Moderate success in deep learning
Systems biology and data integration
Systems biology models complex biological processes from a holistic perspective to ultimately unravel the link between genotype and phenotype. The integration of disparate omics data is at the heart of bridging this gap, enabling powerful predictive models that have led to several recent breakthroughs, from basic biology to precision medicine.
A small success for DL
Phylogenetics
Phylogeny is an evolutionary tree that simulates the evolutionary history of a group of taxa. The phylogenetic inference problem involves constructing phylogenetics from data obtained from taxa being studied, usually molecular sequences.
Figure 3: Standard and deep learning methods for phylogenetic inference.
The current success of DL in phylogenetic trees is impressive, but given the challenges, it is difficult to envision an end-to-end deep learning model that estimates phylogenetic trees directly from raw data in the near future. If one is to be developed, given that it relies on (possibly simulated) training data, its suitability to actual biological sequences needs to be carefully verified before replacing traditional phylogenetic methods.
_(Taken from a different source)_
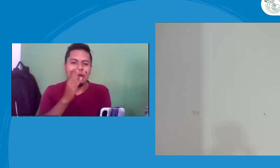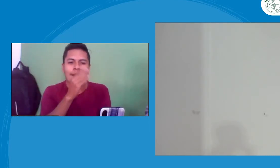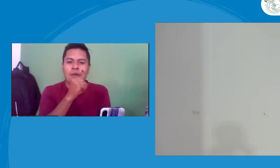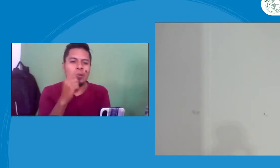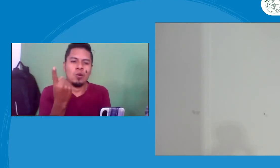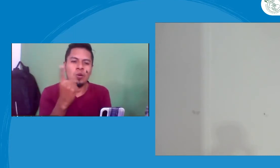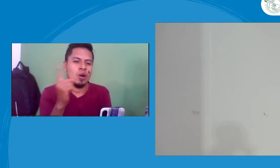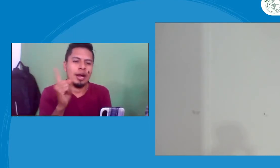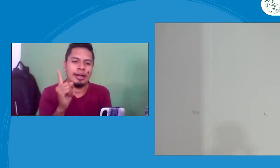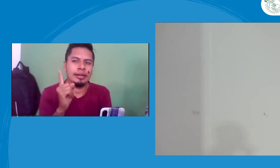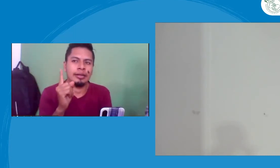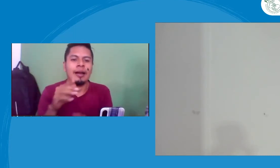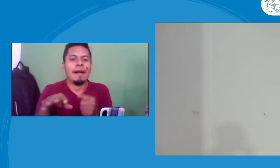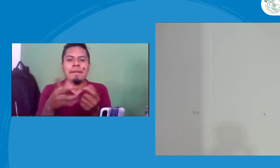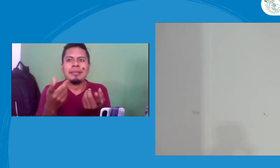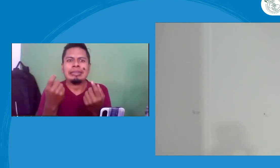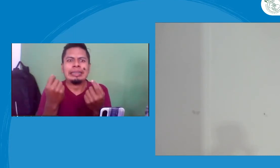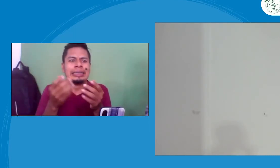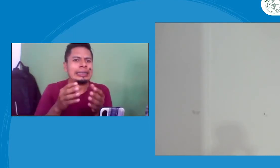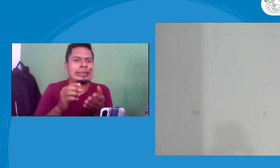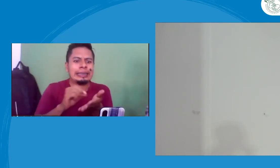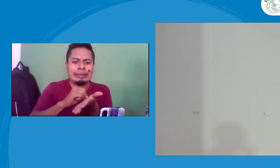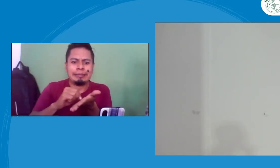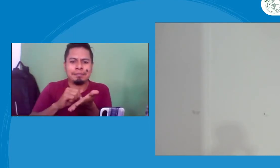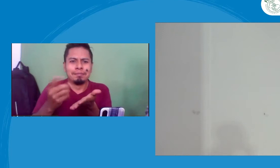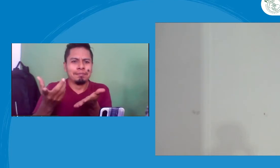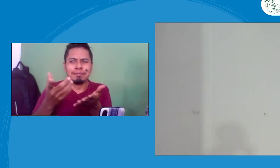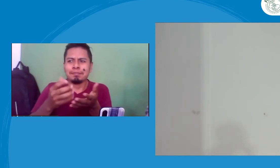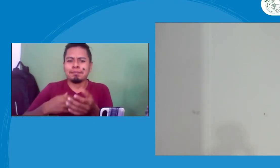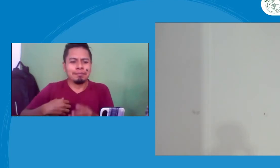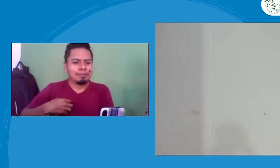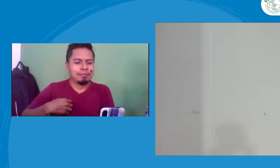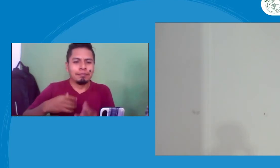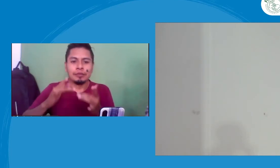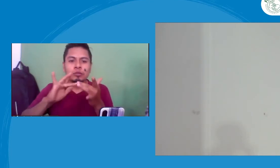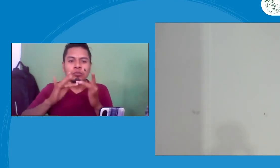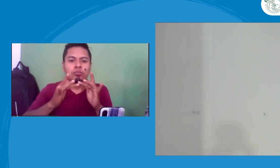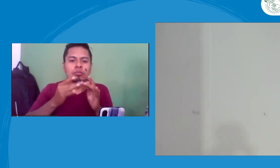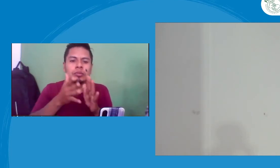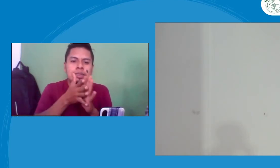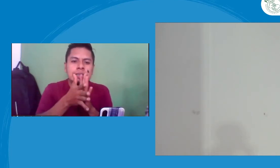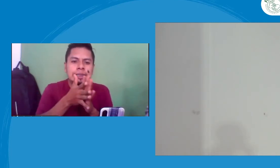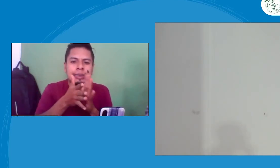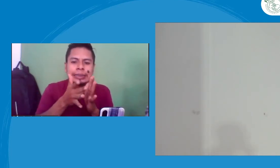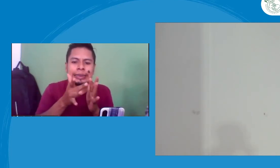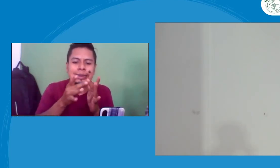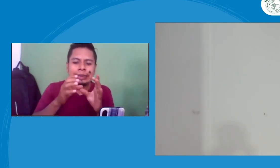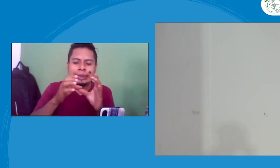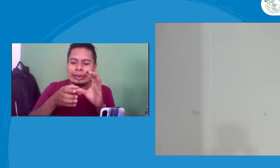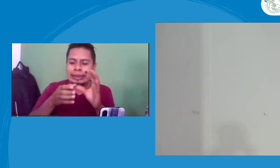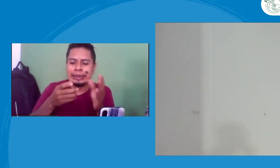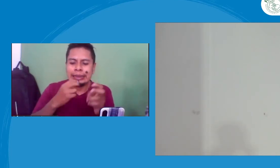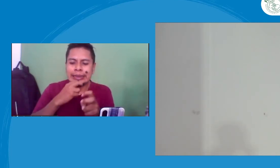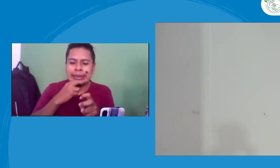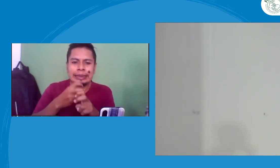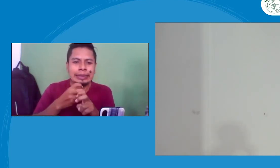con respecto al tema de formarlas, porque pues encontramos que a este grupo de mujeres les hace falta el servicio de interpretación,
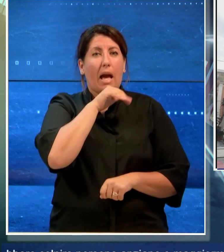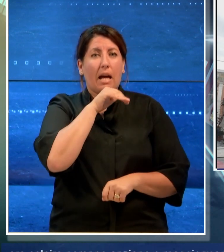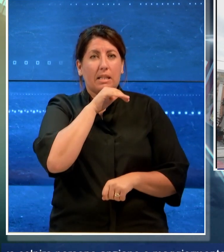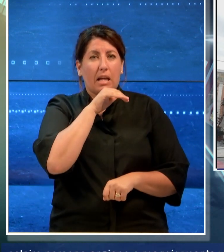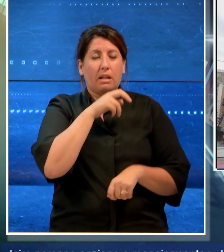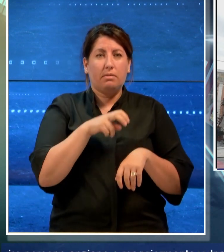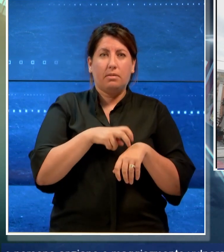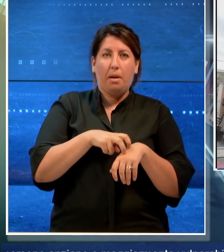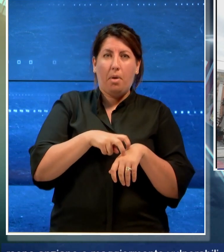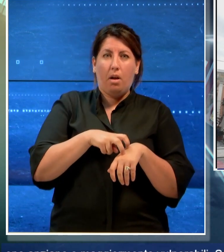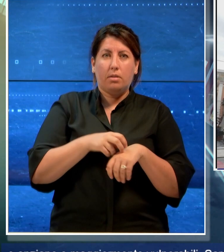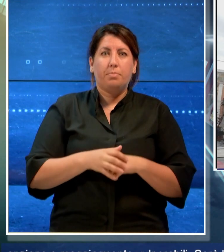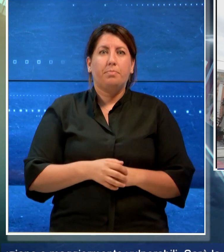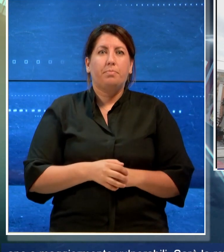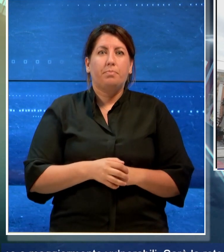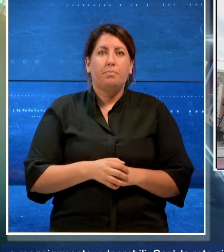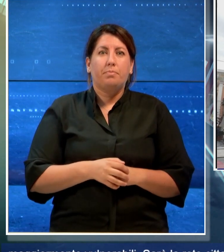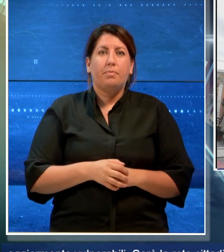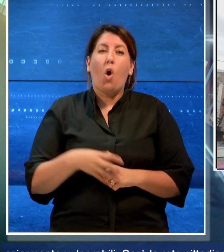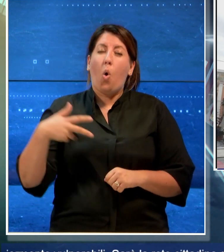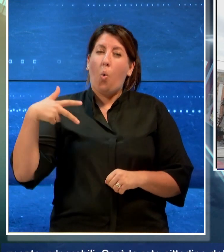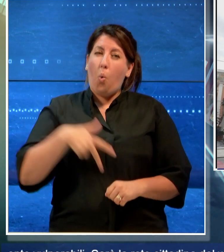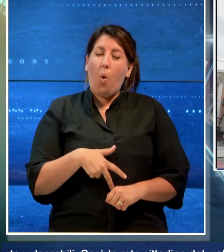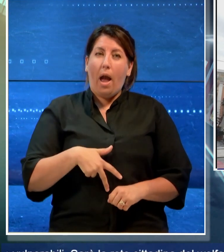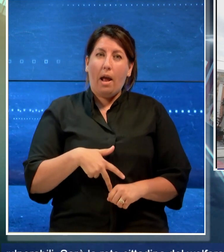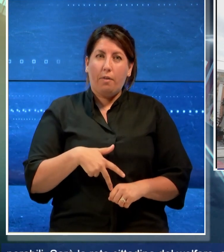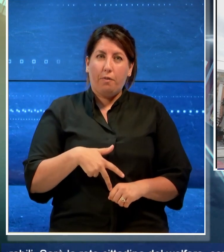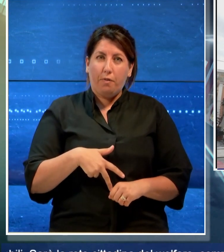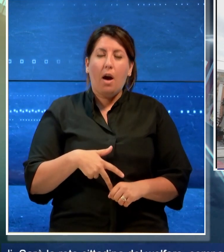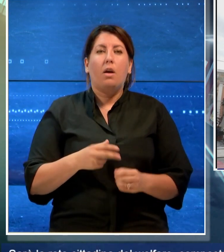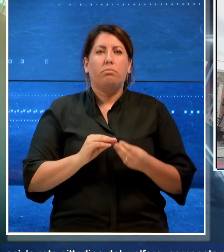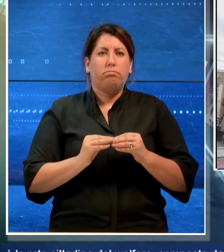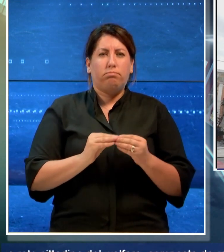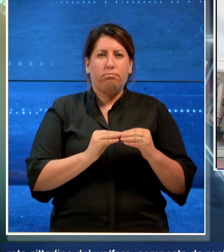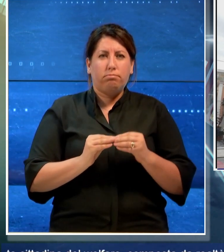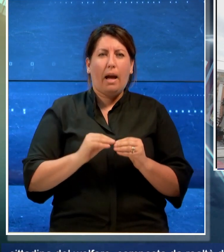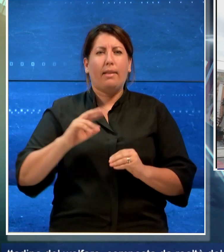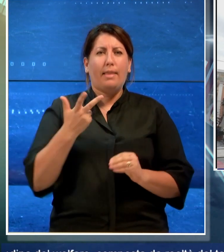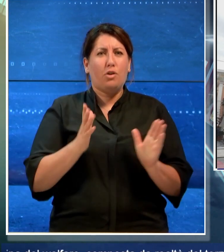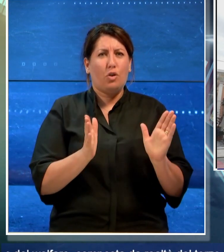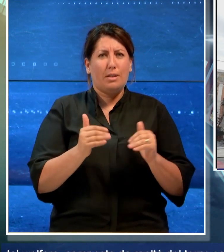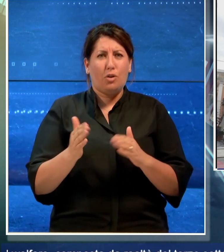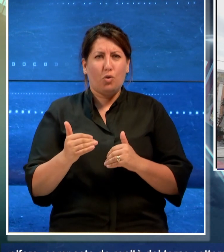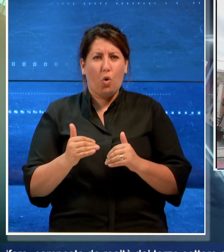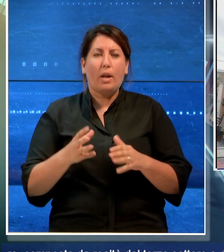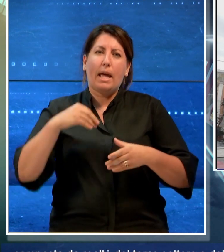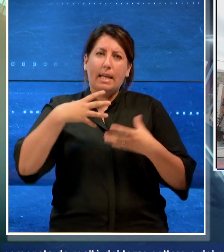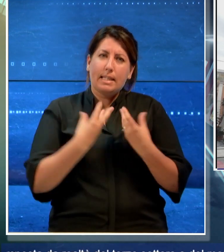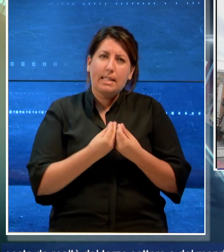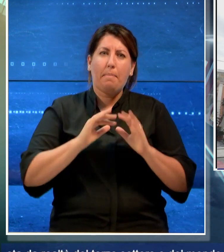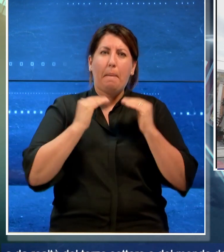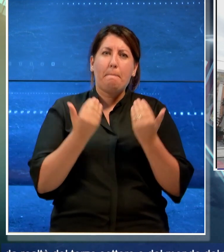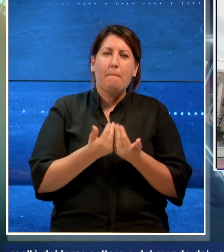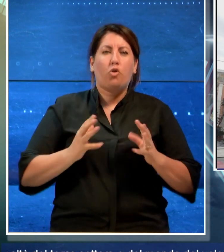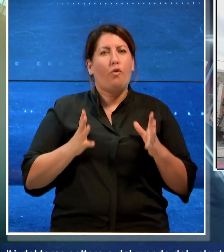Sarà la rete cittadina del welfare composta da realtà del terzo settore e del mondo del volontariato

General challenges of DL in the biological sciences
Not all applications of deep learning have been equally successful in computational biology. While DL has had significant success in some areas, such as protein structure prediction and genome editing, it faces significant hurdles in other areas, such as phylogenetic inference. The most common problems faced with DL methods stem from the lack of annotated data, the lack of fundamental facts inherent in non-simulated datasets, the serious differences between the distribution of training data and the distribution of real-world test data, potential difficulties in outcome benchmarking and interpretation, and ultimately overcoming biases and ethical issues in datasets and models. In addition, as data and deep learning models grow, training efficiency has become a major bottleneck to progress.
Specifically, the success of DL in different subfields of computational biology is highly dependent on the availability and diversity of standardized supervised and unsupervised datasets, ML benchmarks with clear biological implications, the computational nature of the problem, and the software engineering infrastructure for training DL models. The remaining challenges of DL in computational biology are related to improving model interpretability, extracting actionable and humanly understandable insights, increasing efficiency and limiting training costs, and ultimately mitigating the growing ethical problems of DL models; innovative solutions are emerging in the deep learning and computational biology communities.
Table: Computational biology and potential solution challenges are often faced when working with DL.
The review focused on two key areas for improvement: (i) interpretability and (ii) training efficiency.
conclusion
All in all, while the success of DL in areas such as protein structure prediction is undergoing a paradigm shift, performance in other areas such as functional prediction, genomic engineering, and multiomics is also rapidly improving compared to traditional methods. For other fields such as phylogenetics, classical computational methods seem to have the upper hand in these areas. Other DL-specific advances applied to the challenges of the biological sciences will further apply domain-specific biological knowledge while striving to improve interpretability and efficiency.
Artificial Intelligence × [ Biological Neuroscience Mathematics Physics Materials ]
"ScienceAI" focuses on the intersection and integration of artificial intelligence with other cutting-edge technologies and basic sciences.
Welcome to follow the stars and click Likes and Likes and Are Watching in the bottom right corner.